--- Work task ---
All records below must be reproduced exactly, although any pictures they contain are to be omitted.

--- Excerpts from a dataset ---
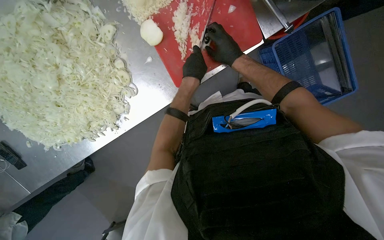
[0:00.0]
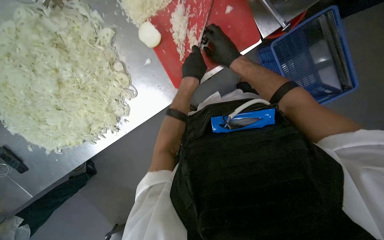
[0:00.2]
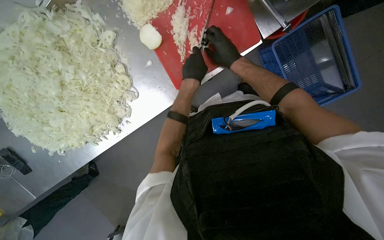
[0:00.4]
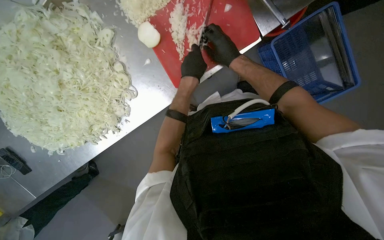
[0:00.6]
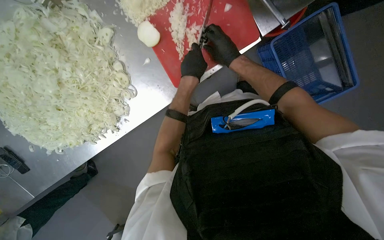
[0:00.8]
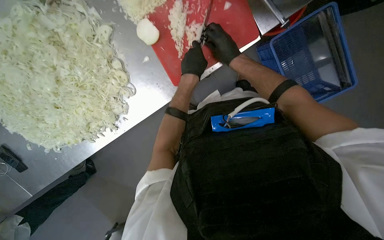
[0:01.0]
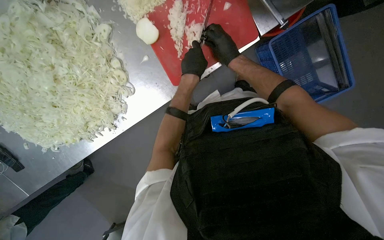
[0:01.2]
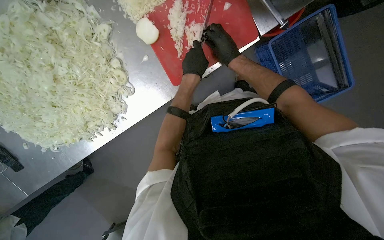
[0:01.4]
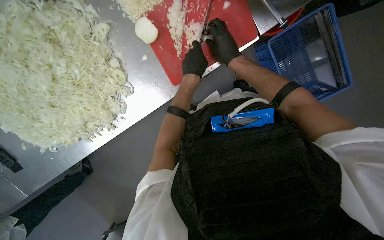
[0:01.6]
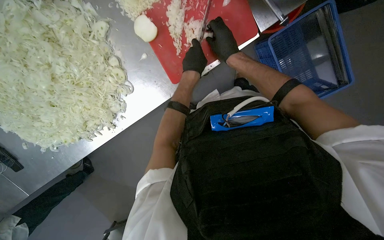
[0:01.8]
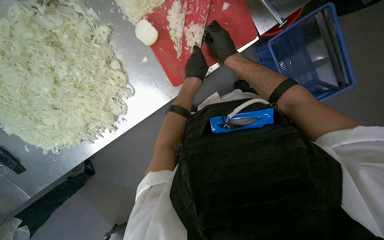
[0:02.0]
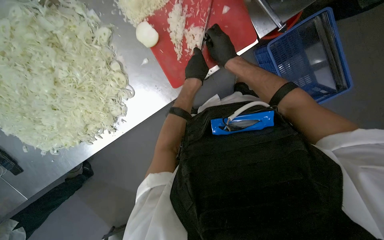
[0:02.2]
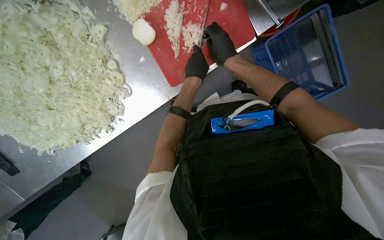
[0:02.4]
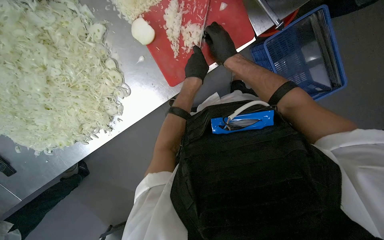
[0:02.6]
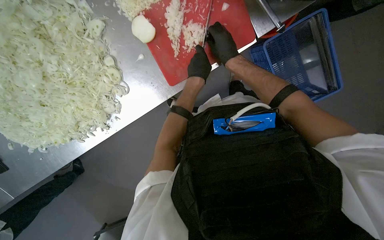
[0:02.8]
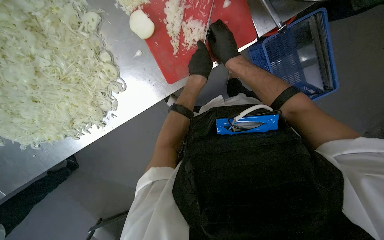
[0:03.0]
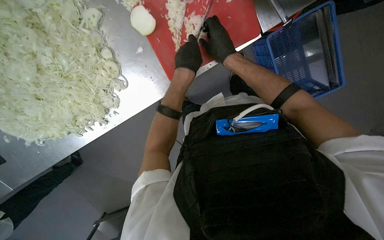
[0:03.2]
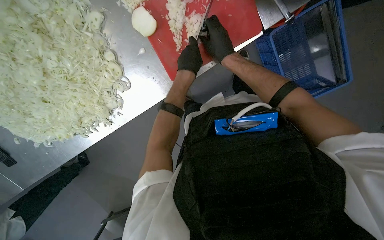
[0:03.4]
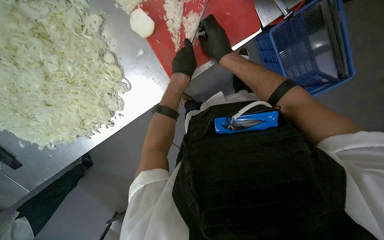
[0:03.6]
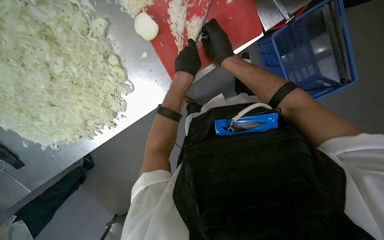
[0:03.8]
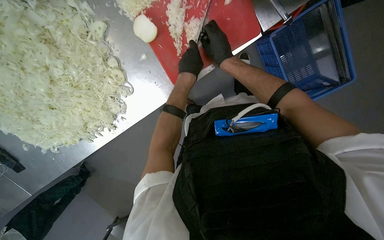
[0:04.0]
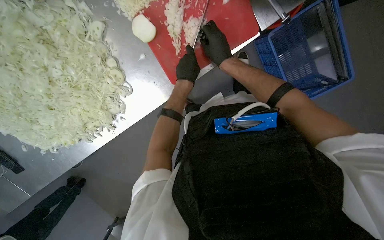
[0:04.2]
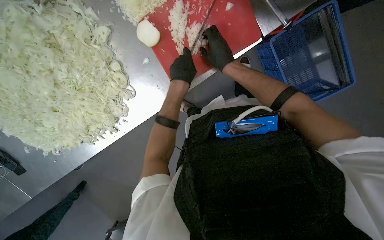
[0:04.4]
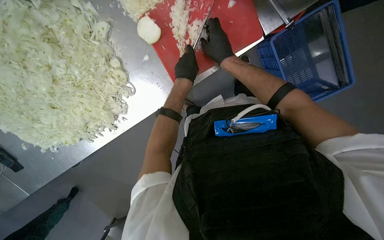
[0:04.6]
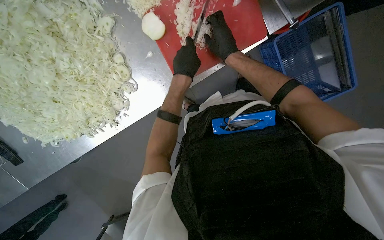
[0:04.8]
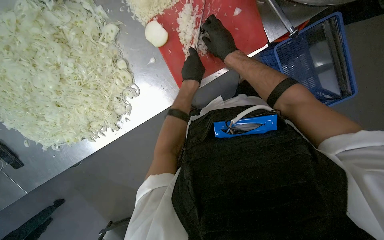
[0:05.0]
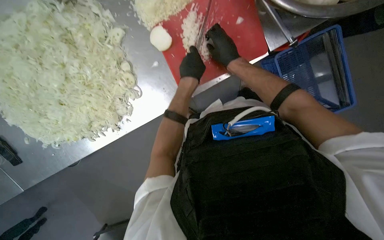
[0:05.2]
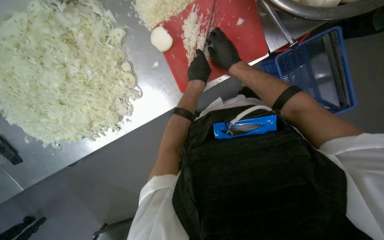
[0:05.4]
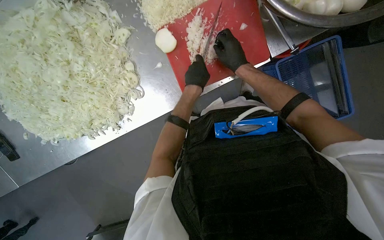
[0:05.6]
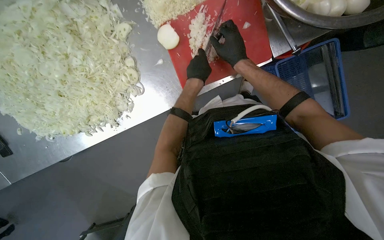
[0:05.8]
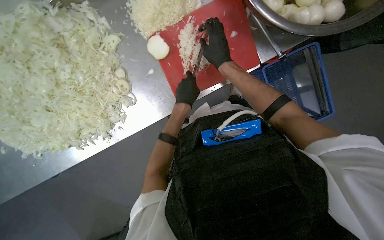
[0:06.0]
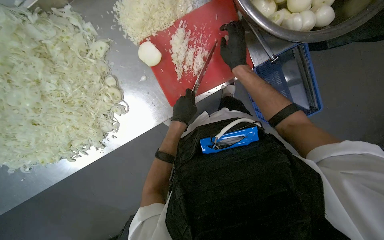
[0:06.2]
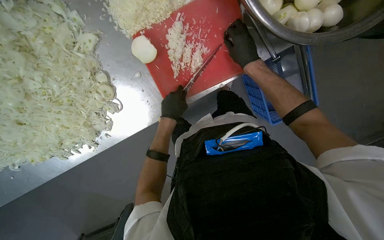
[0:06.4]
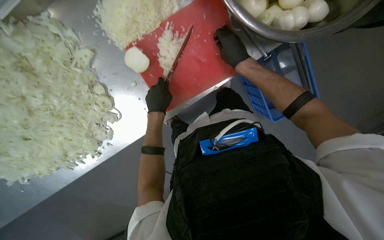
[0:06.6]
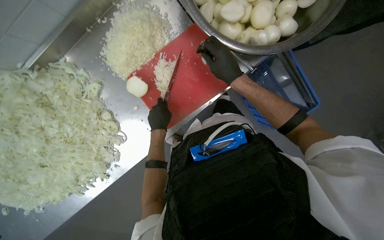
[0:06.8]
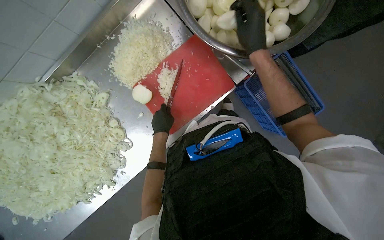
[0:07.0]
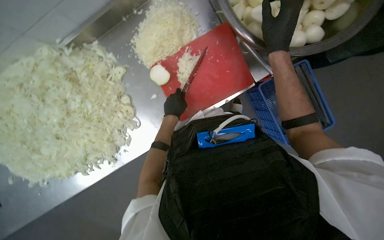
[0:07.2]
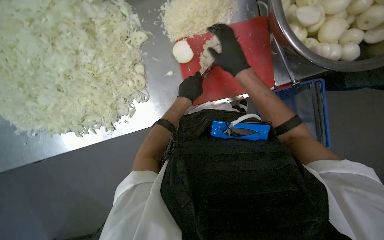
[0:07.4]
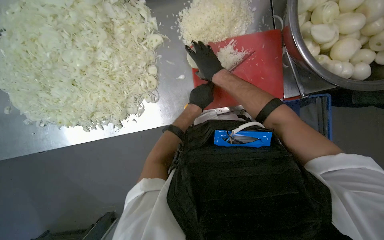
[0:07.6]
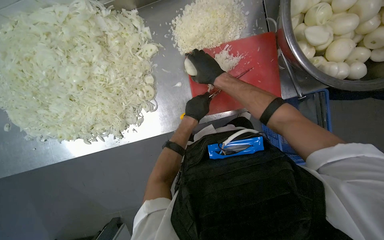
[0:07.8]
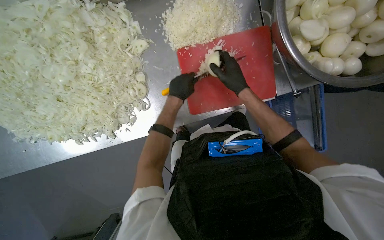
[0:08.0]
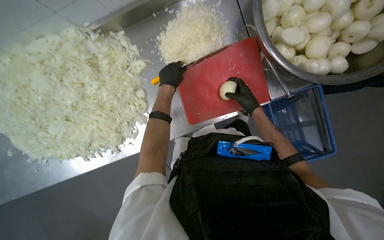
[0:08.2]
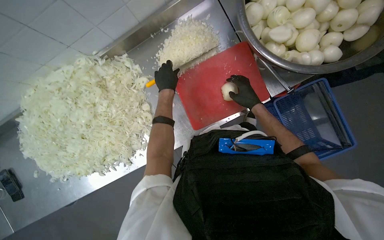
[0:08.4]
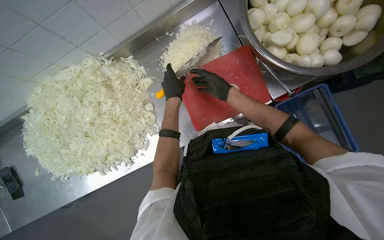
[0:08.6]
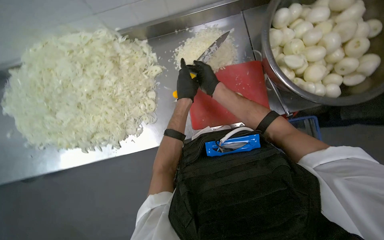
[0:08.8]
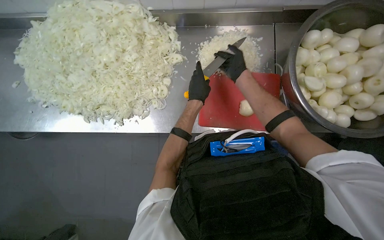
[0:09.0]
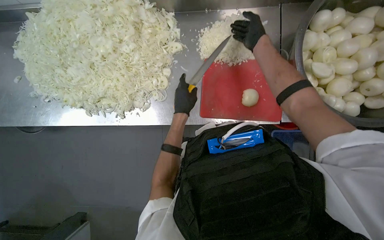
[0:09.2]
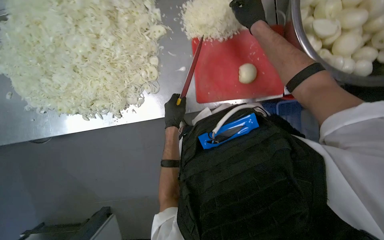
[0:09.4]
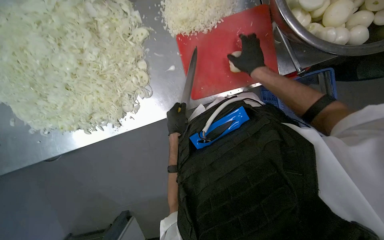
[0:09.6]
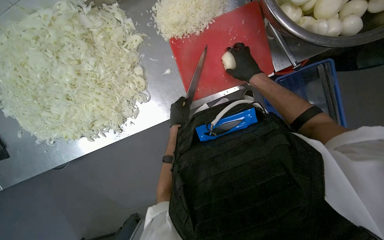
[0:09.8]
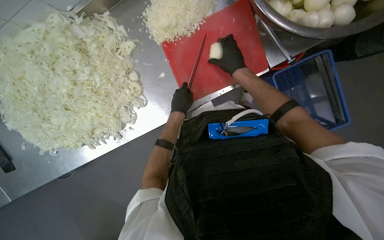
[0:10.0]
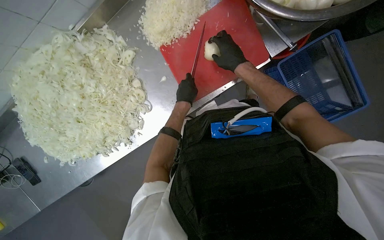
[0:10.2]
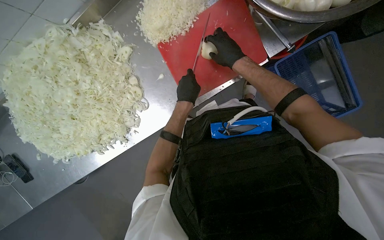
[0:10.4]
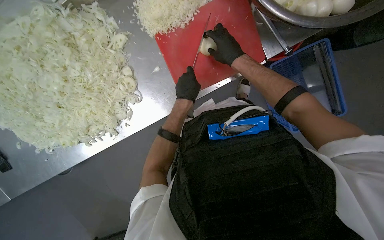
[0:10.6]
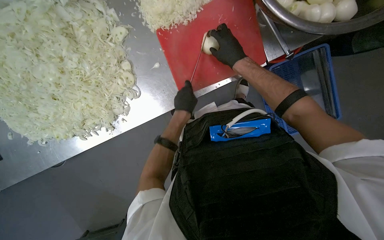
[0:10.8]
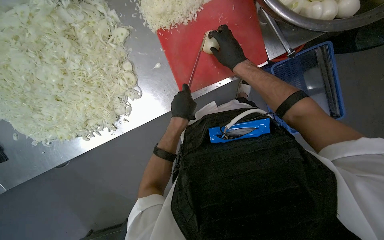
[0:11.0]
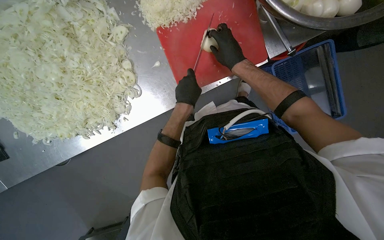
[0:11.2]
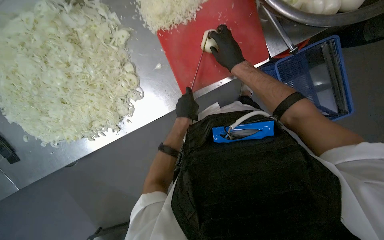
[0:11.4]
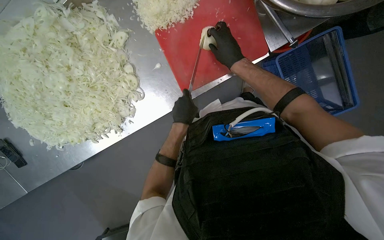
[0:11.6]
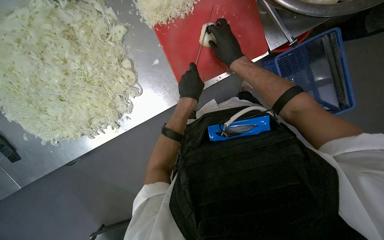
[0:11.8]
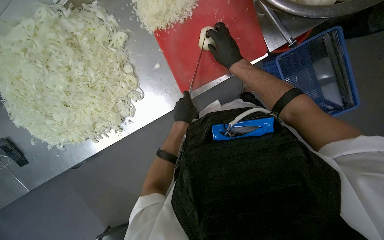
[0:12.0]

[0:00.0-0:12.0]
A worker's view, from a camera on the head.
Job: preparing food.
The whole recording: Preparing onions on cutting board. The worker continues mincing onions on a red cutting board with a knife.
0.0 to 6.0 s: The hands stay close to where they were, moving slightly.
9.0 to 10.4 s: The camera pitches downward, by about 15 degrees. The scene rotates counterclockwise by some 35 degrees.
10.4 to 12.0 s: The left hand travels down the picture by approximately 10 cm.

--- Exercise result ---
[0:00.0]
[0:00.2]
[0:00.4]
[0:00.6]
[0:00.8]
[0:01.0]
[0:01.2]
[0:01.4]
[0:01.6]
[0:01.8]
[0:02.0]
[0:02.2]
[0:02.4]
[0:02.6]
[0:02.8]
[0:03.0]
[0:03.2]
[0:03.4]
[0:03.6]
[0:03.8]
[0:04.0]
[0:04.2]
[0:04.4]
[0:04.6]
[0:04.8]
[0:05.0]
[0:05.2]
[0:05.4]
[0:05.6]
[0:05.8]
[0:06.0]
[0:06.2]
[0:06.4]
[0:06.6]
[0:06.8]
[0:07.0]
[0:07.2]
[0:07.4]
[0:07.6]
[0:07.8]
[0:08.0]
[0:08.2]
[0:08.4]
[0:08.6]
[0:08.8]
[0:09.0]
[0:09.2]
[0:09.4]
[0:09.6]
[0:09.8]
[0:10.0]
[0:10.2]
[0:10.4]
[0:10.6]
[0:10.8]
[0:11.0]
[0:11.2]
[0:11.4]
[0:11.6]
[0:11.8]
[0:12.0]

[0:00.0-0:12.0]
A worker's view, from a camera on the head.
Job: preparing food.
The whole recording: Preparing onions on cutting board. The worker continues mincing onions on a red cutting board with a knife.
0.0 to 6.0 s: The hands stay close to where they were, moving slightly.
9.0 to 10.4 s: The camera pitches downward, by about 15 degrees. The scene rotates counterclockwise by some 35 degrees.
10.4 to 12.0 s: The left hand travels down the picture by approximately 10 cm.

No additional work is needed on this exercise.